*ACTIVITY*.
Without reproducing any picture, copy the records word for word.

*RECORDS FOR THIS TASK*.
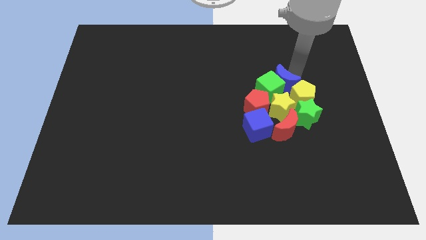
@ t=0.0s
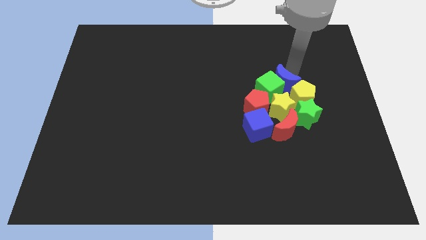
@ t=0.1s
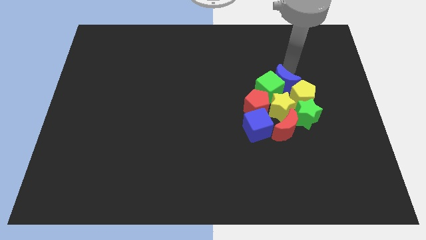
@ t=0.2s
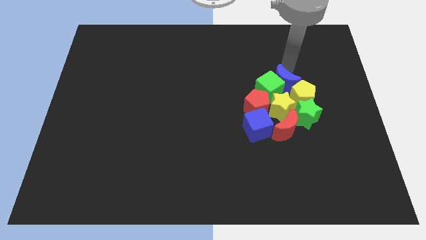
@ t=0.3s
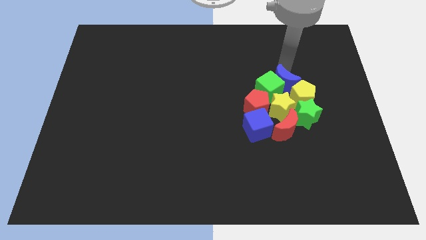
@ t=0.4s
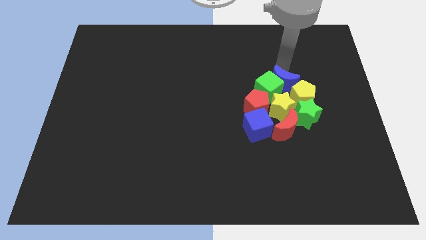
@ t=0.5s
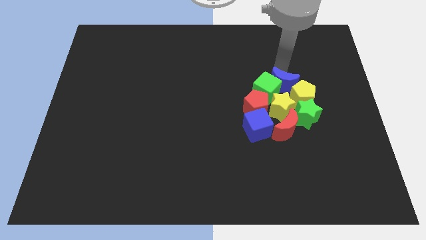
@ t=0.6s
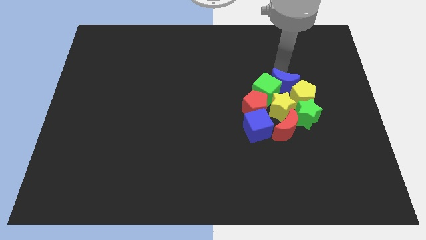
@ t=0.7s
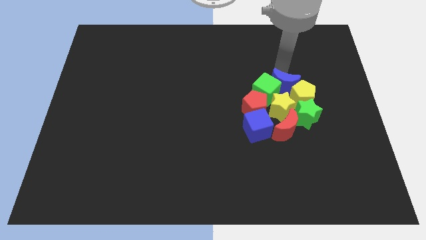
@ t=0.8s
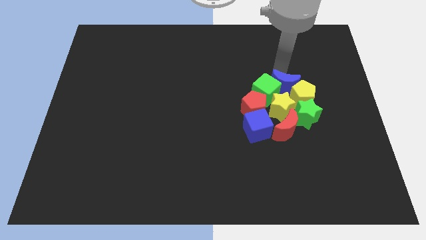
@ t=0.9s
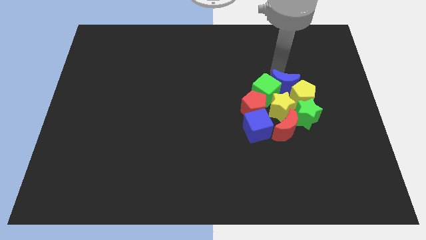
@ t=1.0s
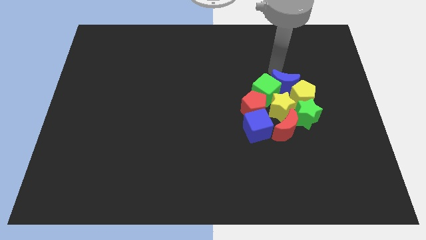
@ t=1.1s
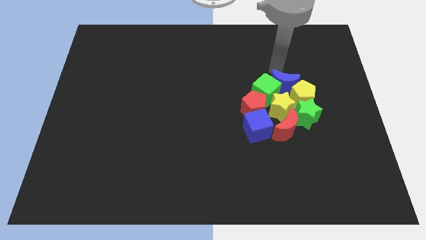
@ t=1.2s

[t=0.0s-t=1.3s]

*YOUR SOLUTION*.
@ t=0.0s
@ t=0.1s
@ t=0.2s
@ t=0.3s
@ t=0.4s
@ t=0.5s
@ t=0.6s
@ t=0.7s
@ t=0.8s
@ t=0.9s
@ t=1.0s
@ t=1.1s
@ t=1.2s

[t=0.0s-t=1.3s]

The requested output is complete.